**YOUR INSTRUCTIONS**
When you reproduce the data, keep every word exactly as it stands and leave the pictures out.

**RECORDS FOR THIS TASK**
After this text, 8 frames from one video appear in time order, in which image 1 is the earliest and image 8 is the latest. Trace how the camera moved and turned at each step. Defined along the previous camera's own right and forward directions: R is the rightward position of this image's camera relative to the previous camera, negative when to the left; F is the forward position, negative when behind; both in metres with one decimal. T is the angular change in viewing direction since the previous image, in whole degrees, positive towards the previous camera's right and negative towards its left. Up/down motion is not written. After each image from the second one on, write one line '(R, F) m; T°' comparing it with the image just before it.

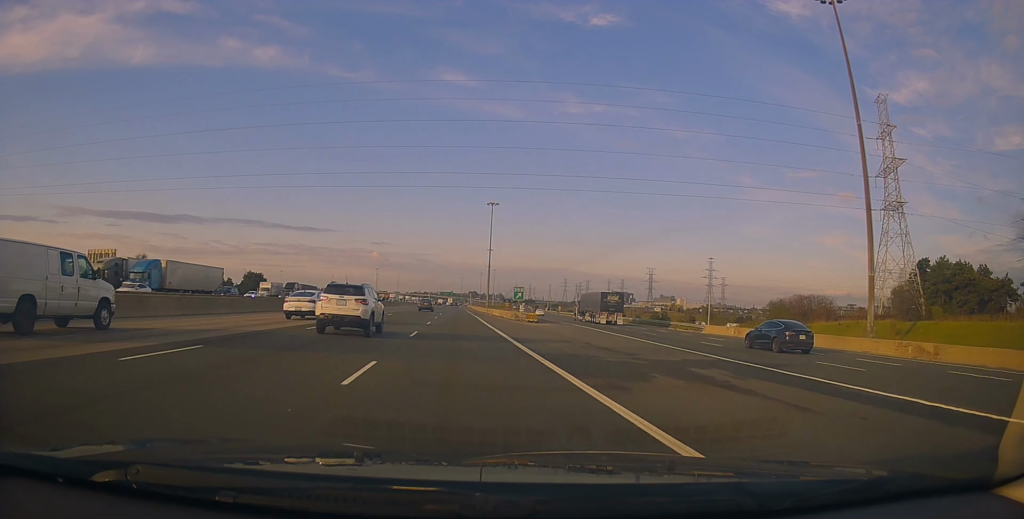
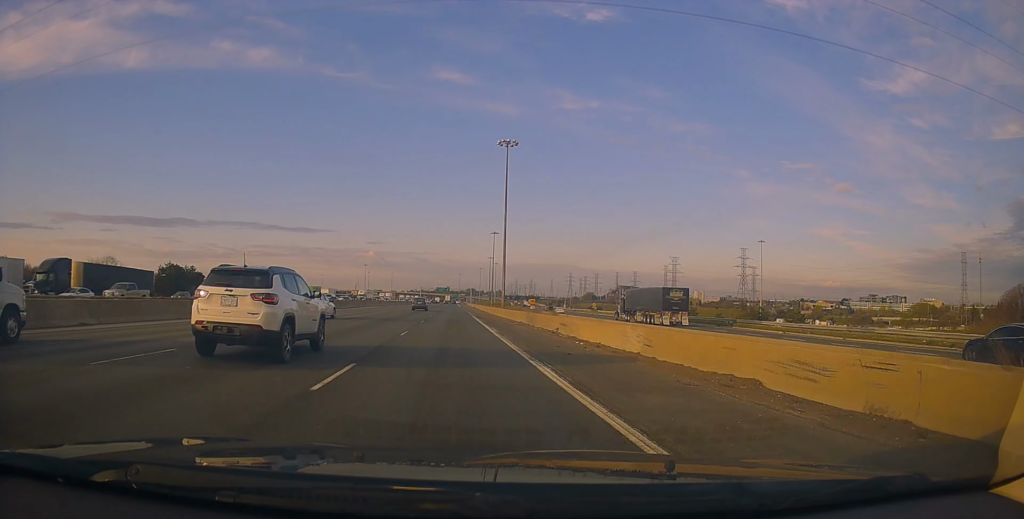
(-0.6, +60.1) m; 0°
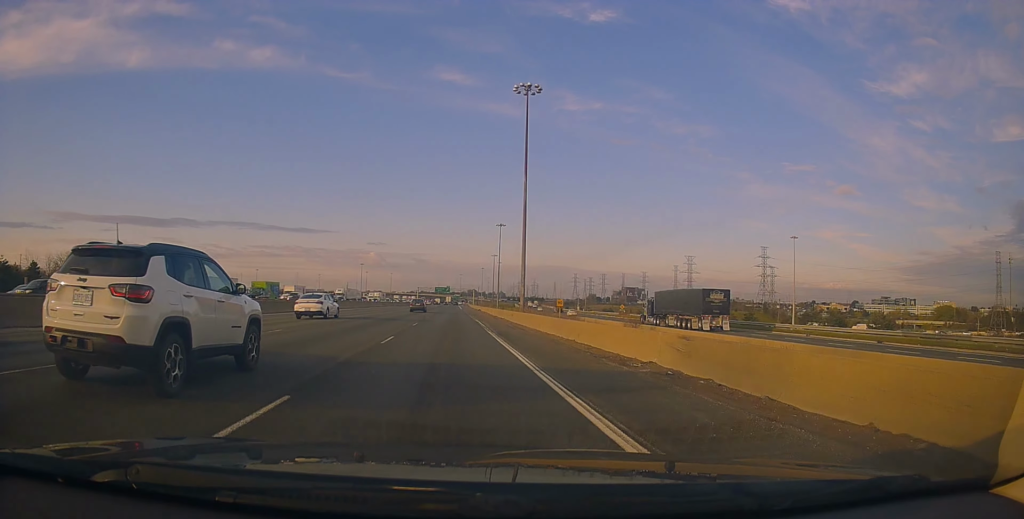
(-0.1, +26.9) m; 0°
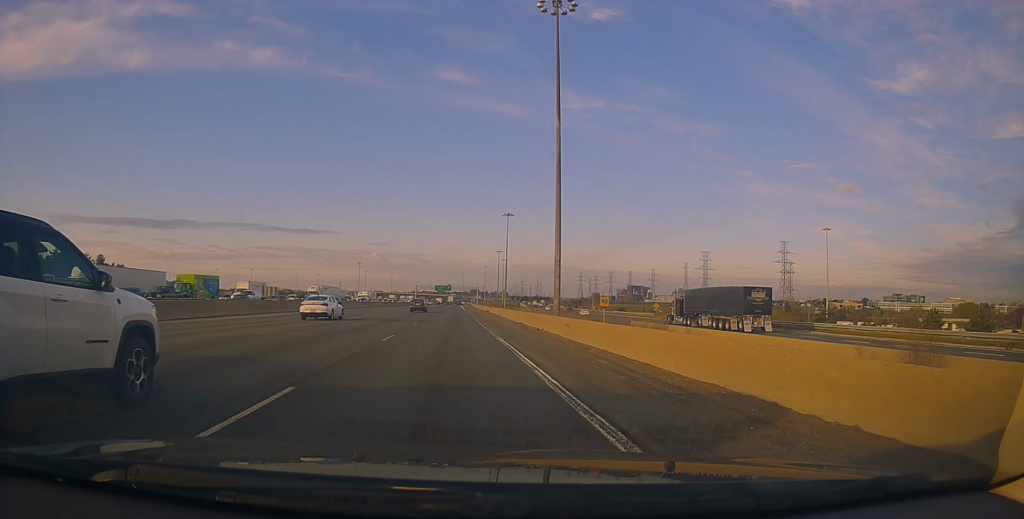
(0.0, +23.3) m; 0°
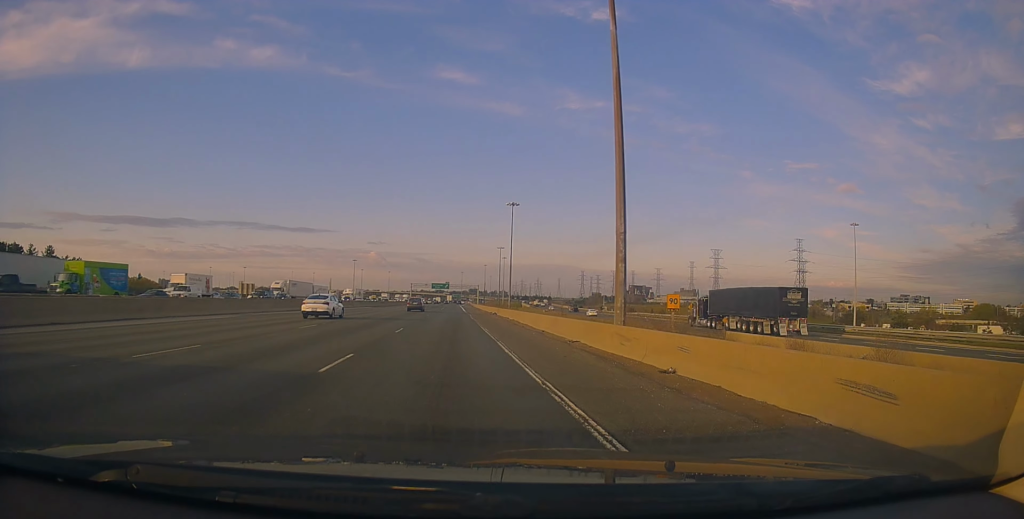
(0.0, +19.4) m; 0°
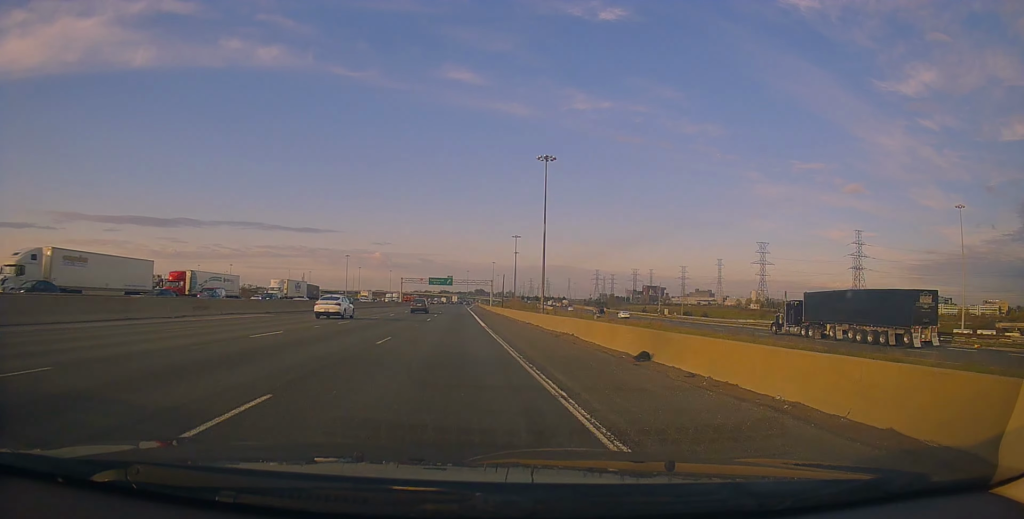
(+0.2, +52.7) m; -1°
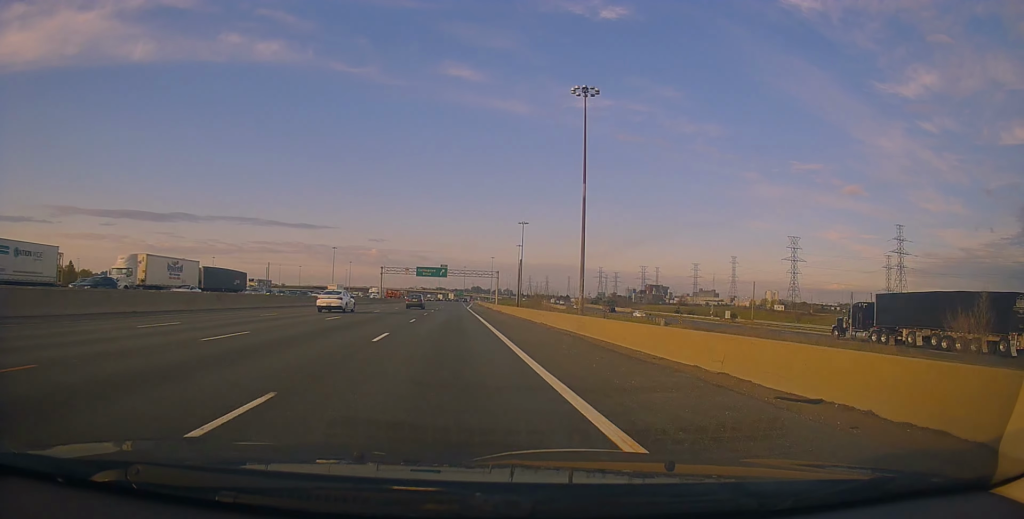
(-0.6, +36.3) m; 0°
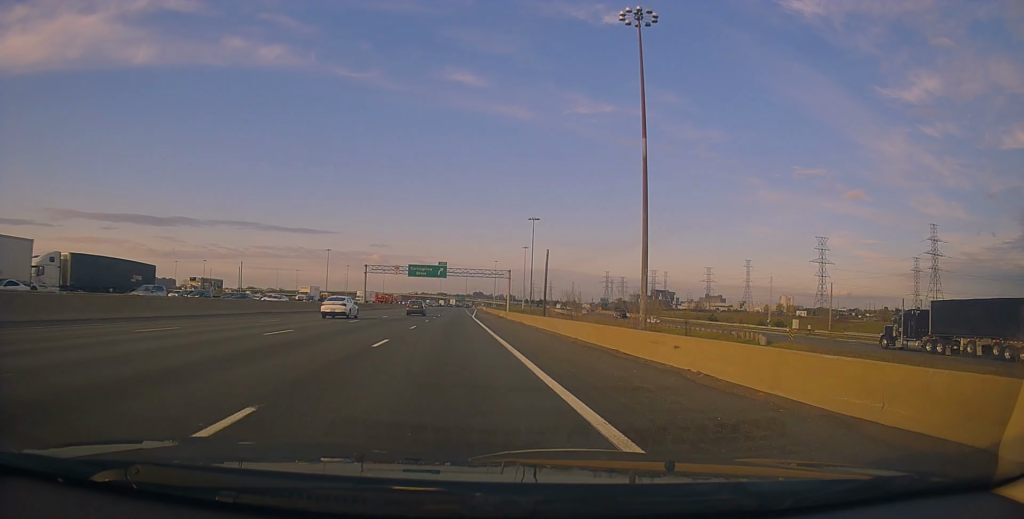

**OUTPUT**
After this text, 8 frames from one video appear in time order, in which image 1 is the earliest and image 8 is the latest. Trace how the camera moved and turned at each step. Defined along the previous camera's own right and forward directions: R is the rightward position of this image's camera relative to the previous camera, negative when to the left; F is the forward position, negative when behind; both in metres with one decimal. T is the angular change in viewing direction since the previous image, in whole degrees, positive towards the previous camera's right and negative towards its left. Up/down motion is not written. After each image from the second one on, write one line '(R, F) m; T°' comparing it with the image just before it.

(-0.6, +60.1) m; 0°
(-0.1, +26.9) m; 0°
(0.0, +23.3) m; 0°
(0.0, +19.4) m; 0°
(+0.2, +52.7) m; -1°
(-0.6, +36.3) m; 0°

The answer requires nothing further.